What happens as we get ready for Ash Wednesday, typically, is that we burn the Palm branches from Palm Sunday prior, or if you forget to do that, you go find some new ones and burn them. We do this symbolically, because it reminds us that people had palm branches, and they thought Jesus was here to blow things up and get rid of the Roman empire. And yet, Jesus comes on a donkey bringing peace. And isn’t that just like hope?

Hope interrupts, not in a way that is perfect or final or triumphant sounds or blasts of horns, but it’s something more like a light of a candle that illuminates the dark. And as we hold that and we share it with one another, the brilliance of God’s new morn is birthed both in us and through us and around us, indeed.

In creation and in Sabbath, we are reminded that we are dependent upon the God of the universe who has already been creating and so we rest. In Passover, we are reminded that we were a people who were enslaved and brought to freedom in this God. And then, on Ash Wednesday, we are reminded that we are vulnerable and frail and in need. And we are indeed image bearers of God. The God who is indeed Emmanuel with us.

And in a world where we know pain. And we know sorrow.
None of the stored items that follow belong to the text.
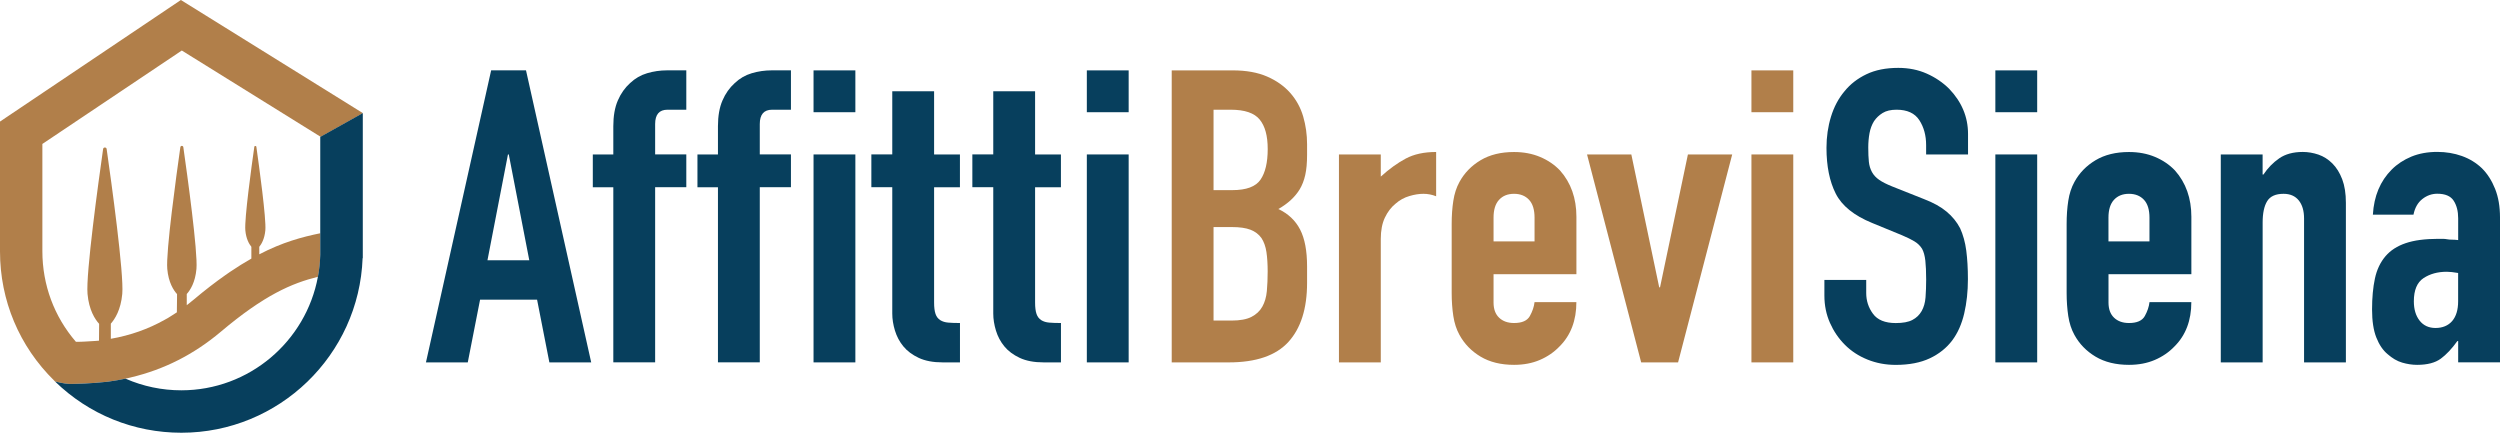 <?xml version="1.0" encoding="UTF-8"?>
<svg id="Livello_2" xmlns="http://www.w3.org/2000/svg" viewBox="0 0 670.62 116.09">
  <defs>
    <style>
      .cls-1 {
        fill: #b17f4a;
      }

      .cls-2 {
        fill: #073f5d;
      }
    </style>
  </defs>
  <g id="Livello_1-2" data-name="Livello_1">
    <g>
      <path class="cls-2" d="M114.26,97.21l17.49-78.34h9.35l17.49,78.34h-11.22l-3.3-16.83h-15.29l-3.3,16.83h-11.22ZM141.98,69.82l-5.5-28.39h-.22l-5.5,28.39h11.22Z"/>
      <path class="cls-2" d="M164.52,97.21v-46.98h-5.5v-8.8h5.5v-7.59c0-2.71.4-5.01,1.21-6.88.8-1.87,1.91-3.43,3.3-4.68,1.32-1.25,2.84-2.13,4.56-2.64,1.72-.51,3.5-.77,5.34-.77h5.17v10.56h-5.06c-2.2,0-3.3,1.28-3.3,3.85v8.14h8.36v8.8h-8.36v46.98h-11.22Z"/>
      <path class="cls-2" d="M192.59,97.21v-46.98h-5.5v-8.8h5.5v-7.59c0-2.71.4-5.01,1.21-6.88.8-1.87,1.91-3.43,3.3-4.68,1.32-1.25,2.84-2.13,4.56-2.64,1.72-.51,3.5-.77,5.34-.77h5.17v10.56h-5.06c-2.2,0-3.3,1.28-3.3,3.85v8.14h8.36v8.8h-8.36v46.98h-11.22Z"/>
      <path class="cls-2" d="M218.23,30.1v-11.22h11.22v11.22h-11.22ZM218.23,97.21v-55.78h11.22v55.78h-11.22Z"/>
      <path class="cls-2" d="M239.35,41.43v-16.94h11.22v16.94h6.93v8.8h-6.93v30.92c0,1.32.13,2.35.39,3.08.25.73.68,1.28,1.26,1.65.59.37,1.3.59,2.15.66.84.07,1.89.11,3.14.11v10.56h-4.62c-2.57,0-4.71-.4-6.44-1.21-1.72-.81-3.1-1.83-4.12-3.08-1.03-1.25-1.78-2.66-2.26-4.24-.48-1.58-.72-3.1-.72-4.57v-33.89h-5.61v-8.8h5.61Z"/>
      <path class="cls-2" d="M266.44,41.43v-16.94h11.22v16.94h6.93v8.8h-6.93v30.92c0,1.32.13,2.35.39,3.08.25.73.68,1.28,1.26,1.65.59.37,1.3.59,2.15.66.84.07,1.89.11,3.14.11v10.56h-4.62c-2.57,0-4.71-.4-6.44-1.21-1.72-.81-3.1-1.83-4.12-3.08-1.03-1.25-1.78-2.66-2.26-4.24-.48-1.58-.72-3.1-.72-4.57v-33.89h-5.61v-8.8h5.61Z"/>
      <path class="cls-2" d="M291.54,30.1v-11.22h11.22v11.22h-11.22ZM291.54,97.21v-55.78h11.22v55.78h-11.22Z"/>
      <path class="cls-1" d="M314.31,97.21V18.88h16.39c3.59,0,6.66.55,9.19,1.65,2.53,1.1,4.6,2.57,6.22,4.4,1.61,1.83,2.77,3.94,3.47,6.33.69,2.38,1.04,4.86,1.04,7.43v2.86c0,2.13-.16,3.92-.49,5.39-.33,1.47-.83,2.75-1.49,3.85-1.25,2.05-3.15,3.81-5.72,5.28,2.64,1.25,4.58,3.08,5.83,5.5,1.25,2.42,1.87,5.72,1.87,9.9v4.4c0,6.9-1.67,12.18-5,15.84-3.34,3.67-8.68,5.5-16.01,5.5h-15.29ZM325.53,29.44v21.56h5.06c3.74,0,6.25-.93,7.54-2.81,1.28-1.87,1.93-4.6,1.93-8.2s-.72-6.16-2.15-7.92c-1.43-1.76-4.02-2.64-7.76-2.64h-4.62ZM325.53,60.91v25.08h4.84c2.27,0,4.05-.33,5.34-.99,1.28-.66,2.26-1.58,2.91-2.75.66-1.17,1.06-2.57,1.21-4.18.14-1.61.22-3.37.22-5.28s-.11-3.7-.33-5.17c-.22-1.47-.66-2.71-1.32-3.74-.73-1.03-1.72-1.78-2.97-2.26-1.25-.48-2.9-.71-4.95-.71h-4.95Z"/>
      <path class="cls-1" d="M359.17,97.21v-55.78h11.22v5.94c2.27-2.05,4.51-3.67,6.71-4.84,2.2-1.17,4.91-1.76,8.14-1.76v11.88c-1.1-.44-2.24-.66-3.41-.66s-2.44.2-3.8.61c-1.36.4-2.59,1.08-3.68,2.04-1.17.95-2.13,2.2-2.86,3.74-.73,1.54-1.1,3.45-1.1,5.72v33.12h-11.22Z"/>
      <path class="cls-1" d="M422.86,73.56h-22.22v7.59c0,1.76.49,3.12,1.49,4.07.99.95,2.33,1.43,4.01,1.43,2.13,0,3.54-.62,4.24-1.87.69-1.25,1.12-2.49,1.26-3.74h11.22c0,4.91-1.5,8.88-4.51,11.88-1.47,1.54-3.23,2.75-5.28,3.63-2.05.88-4.37,1.32-6.93,1.32-3.52,0-6.51-.73-8.97-2.2-2.46-1.47-4.34-3.41-5.67-5.83-.81-1.47-1.36-3.15-1.65-5.06-.29-1.91-.44-4-.44-6.27v-18.37c0-2.27.14-4.36.44-6.27.29-1.91.84-3.59,1.65-5.06,1.32-2.42,3.21-4.36,5.67-5.83,2.46-1.47,5.45-2.2,8.97-2.2,2.57,0,4.9.44,6.99,1.32,2.09.88,3.87,2.09,5.34,3.63,2.93,3.3,4.4,7.45,4.4,12.43v15.4ZM400.64,64.76h11v-6.38c0-2.13-.49-3.72-1.48-4.79-.99-1.06-2.33-1.6-4.02-1.6s-3.02.53-4.01,1.6c-.99,1.06-1.49,2.66-1.49,4.79v6.38Z"/>
      <path class="cls-1" d="M464.66,41.43l-14.52,55.78h-9.9l-14.52-55.78h11.88l7.48,35.65h.22l7.48-35.65h11.88Z"/>
      <path class="cls-1" d="M469.82,30.1v-11.22h11.22v11.22h-11.22ZM469.82,97.21v-55.78h11.22v55.78h-11.22Z"/>
      <path class="cls-2" d="M527.9,41.43h-11.22v-2.53c0-2.57-.61-4.79-1.82-6.66-1.21-1.87-3.25-2.81-6.11-2.81-1.54,0-2.79.29-3.74.88-.95.59-1.72,1.32-2.31,2.2-.59.95-.99,2.04-1.21,3.24-.22,1.21-.33,2.48-.33,3.8,0,1.54.05,2.83.16,3.85.11,1.03.39,1.94.83,2.75s1.08,1.5,1.93,2.09c.84.59,2,1.17,3.46,1.76l8.58,3.41c2.49.95,4.51,2.07,6.05,3.36,1.54,1.28,2.75,2.77,3.63,4.46.8,1.76,1.36,3.76,1.65,6,.29,2.24.44,4.79.44,7.65,0,3.3-.33,6.36-.99,9.19-.66,2.83-1.72,5.23-3.19,7.21-1.54,2.05-3.56,3.67-6.05,4.84-2.49,1.17-5.54,1.76-9.13,1.76-2.72,0-5.25-.48-7.59-1.43-2.35-.95-4.37-2.27-6.05-3.96-1.69-1.69-3.02-3.65-4.01-5.89-.99-2.24-1.49-4.68-1.49-7.32v-4.18h11.22v3.52c0,2.05.6,3.91,1.82,5.56,1.21,1.65,3.24,2.48,6.11,2.48,1.9,0,3.39-.27,4.45-.83,1.06-.55,1.89-1.34,2.48-2.37.59-1.03.94-2.26,1.05-3.69.11-1.43.17-3.02.17-4.79,0-2.05-.08-3.74-.22-5.06-.15-1.32-.44-2.38-.88-3.19-.51-.81-1.19-1.47-2.04-1.98-.84-.51-1.96-1.06-3.35-1.65l-8.03-3.3c-4.84-1.98-8.09-4.6-9.74-7.87-1.65-3.26-2.48-7.35-2.48-12.27,0-2.93.4-5.72,1.21-8.36s2.02-4.91,3.63-6.82c1.54-1.91,3.5-3.43,5.89-4.57,2.38-1.14,5.23-1.7,8.53-1.7,2.79,0,5.34.51,7.65,1.54,2.31,1.03,4.31,2.39,6,4.07,3.37,3.52,5.06,7.56,5.06,12.1v5.5Z"/>
      <path class="cls-2" d="M535.25,30.1v-11.22h11.22v11.22h-11.22ZM535.25,97.21v-55.78h11.22v55.78h-11.22Z"/>
      <path class="cls-2" d="M587.82,73.56h-22.22v7.59c0,1.76.49,3.12,1.49,4.07.99.95,2.33,1.43,4.01,1.43,2.13,0,3.54-.62,4.24-1.87.69-1.25,1.12-2.49,1.26-3.74h11.22c0,4.91-1.5,8.88-4.51,11.88-1.47,1.54-3.23,2.75-5.28,3.63-2.05.88-4.37,1.32-6.93,1.32-3.52,0-6.51-.73-8.97-2.2-2.46-1.47-4.34-3.41-5.67-5.83-.81-1.47-1.36-3.15-1.65-5.06-.29-1.91-.44-4-.44-6.27v-18.37c0-2.27.14-4.36.44-6.27.29-1.91.84-3.59,1.65-5.06,1.32-2.42,3.21-4.36,5.67-5.83,2.46-1.47,5.45-2.2,8.97-2.2,2.57,0,4.9.44,6.99,1.32,2.09.88,3.87,2.09,5.34,3.63,2.93,3.3,4.4,7.45,4.4,12.43v15.4ZM565.59,64.76h11v-6.38c0-2.13-.49-3.72-1.48-4.79-.99-1.06-2.33-1.6-4.02-1.6s-3.02.53-4.01,1.6c-.99,1.06-1.49,2.66-1.49,4.79v6.38Z"/>
      <path class="cls-2" d="M595.72,97.21v-55.78h11.22v5.39h.22c1.17-1.76,2.59-3.21,4.24-4.35,1.65-1.14,3.76-1.71,6.33-1.71,1.39,0,2.79.24,4.18.71,1.39.48,2.64,1.27,3.74,2.37,1.1,1.1,1.98,2.51,2.64,4.24s.99,3.83.99,6.33v42.8h-11.22v-38.62c0-2.05-.48-3.67-1.43-4.84-.95-1.17-2.31-1.76-4.07-1.76-2.13,0-3.59.66-4.4,1.98-.81,1.32-1.21,3.23-1.21,5.72v37.52h-11.22Z"/>
      <path class="cls-2" d="M659.4,97.21v-5.72h-.22c-1.47,2.05-2.95,3.63-4.45,4.73-1.5,1.1-3.61,1.65-6.33,1.65-1.32,0-2.66-.2-4.02-.6s-2.66-1.16-3.9-2.26c-1.25-1.03-2.26-2.51-3.03-4.46-.77-1.94-1.15-4.46-1.15-7.54s.25-5.92.77-8.31c.51-2.38,1.47-4.38,2.86-6,1.32-1.54,3.12-2.7,5.39-3.47,2.27-.77,5.17-1.16,8.69-1.16h1.21c.44,0,.84.04,1.21.11.36.07.8.11,1.32.11s1.06.04,1.65.11v-5.83c0-1.91-.4-3.48-1.21-4.73-.81-1.25-2.27-1.87-4.4-1.87-1.47,0-2.81.48-4.01,1.43-1.21.95-2,2.35-2.37,4.18h-10.89c.29-4.99,1.98-9.02,5.06-12.1,1.47-1.47,3.23-2.62,5.28-3.47,2.05-.84,4.36-1.26,6.93-1.26,2.35,0,4.55.37,6.6,1.1,2.05.73,3.85,1.83,5.39,3.3,1.47,1.47,2.64,3.3,3.52,5.5s1.32,4.77,1.32,7.7v38.84h-11.22ZM659.4,73.23c-1.25-.22-2.27-.33-3.08-.33-2.42,0-4.49.57-6.22,1.71-1.72,1.14-2.59,3.21-2.59,6.22,0,2.13.51,3.85,1.54,5.17,1.03,1.32,2.46,1.98,4.29,1.98s3.39-.62,4.46-1.87c1.06-1.25,1.59-3.01,1.59-5.28v-7.59Z"/>
    </g>
    <g>
      <path class="cls-1" d="M48.52,0L0,32.61v34.83c0,13.15,5.17,25.45,14.53,34.65.05.05.08.09.12.13.07.07.1.11.1.11h0c.19.05,2.45.61,3.81.66.07,0,.15,0,.21,0h.19c1.24,0,5.56-.11,9.78-.58.18-.02.35-.04.52-.07,1.5-.21,2.97-.47,4.41-.77.44-.08.87-.19,1.29-.29.07,0,.12-.03.18-.05,8.92-2.12,16.88-6.17,24.06-12.21,11.73-9.9,19.12-13.05,26.09-14.77.36-1.9.57-3.86.63-5.86v-5.82c-4.91,1.01-10.09,2.39-16.37,5.65,0,0,0,0,0,0v-2.01c.61-.75,1.42-2.14,1.63-4.44.27-3.1-1.68-17.23-2.41-22.38-.05-.32-.5-.32-.55,0-.73,5.15-2.68,19.28-2.41,22.38.2,2.29,1.01,3.69,1.62,4.43v3.17c-1.81,1.02-3.71,2.2-5.72,3.56h0c-.39.26-.8.55-1.21.84h0c-2.65,1.86-5.51,4.05-8.58,6.64-.6.5-1.2.99-1.82,1.46,0,0,0,0,0,0v-3c.91-1.01,2.28-3.09,2.6-6.74.4-4.53-2.45-25.13-3.52-32.65-.07-.46-.73-.46-.8,0-1.07,7.52-3.91,28.12-3.51,32.65.32,3.67,1.71,5.76,2.62,6.76v.98l-.04,3.36v.55s0,0,0,0c-.49.33-.99.64-1.49.95h0c-.58.38-1.18.75-1.79,1.06h0c-4.42,2.48-9.19,4.17-14.44,5.09v-4.06c1.08-1.21,2.69-3.7,3.07-7.99.48-5.38-2.91-29.91-4.19-38.86-.07-.54-.87-.54-.95,0-1.27,8.95-4.65,33.47-4.18,38.86.38,4.35,2.02,6.84,3.11,8.03v.51l-.03,3.84v.17c-.27.03-.55.06-.84.07-.83.07-1.67.11-2.5.15-.11,0-.22,0-.34.02-.76.05-1.53.07-2.31.07h-.2c-5.84-6.77-9-15.27-9-24.3v-28.78L48.77,13.55l37.16,23.1v.09l11.37-6.36v-.06L48.52,0Z"/>
      <path class="cls-2" d="M97.32,30.36v38.89h-.05c-.95,25.99-22.4,46.83-48.62,46.83-12.73,0-24.77-4.88-33.89-13.75.19.05,2.45.61,3.81.66.07,0,.15,0,.21,0h.19c1.24,0,5.56-.11,9.78-.58.18-.02.35-.04.52-.07,1.5-.21,2.97-.47,4.41-.77.02,0,.04.02.07.04h0c4.64,2.02,9.69,3.09,14.89,3.09,18.22,0,33.43-13.15,36.64-30.45.36-1.9.57-3.86.63-5.86v-31.67l11.37-6.36h.02Z"/>
    </g>
  </g>
</svg>

What if instead of it being a call for us to bear arms and destroy one another, the call of the Lenten journey is one that invites us more deeply into the way of Christ, the way of life. For indeed, we are made from dust, to dust we will return. And in between those two moments, we are held by the grace, the creator and sustainer of all things, including us.

So may the hope of Jesus Christ be yours this night. Wherever you are in need, may you know you are not alone in this journey. May we remember. And may we journey with Jesus all the way to Jerusalem and into life. Amen.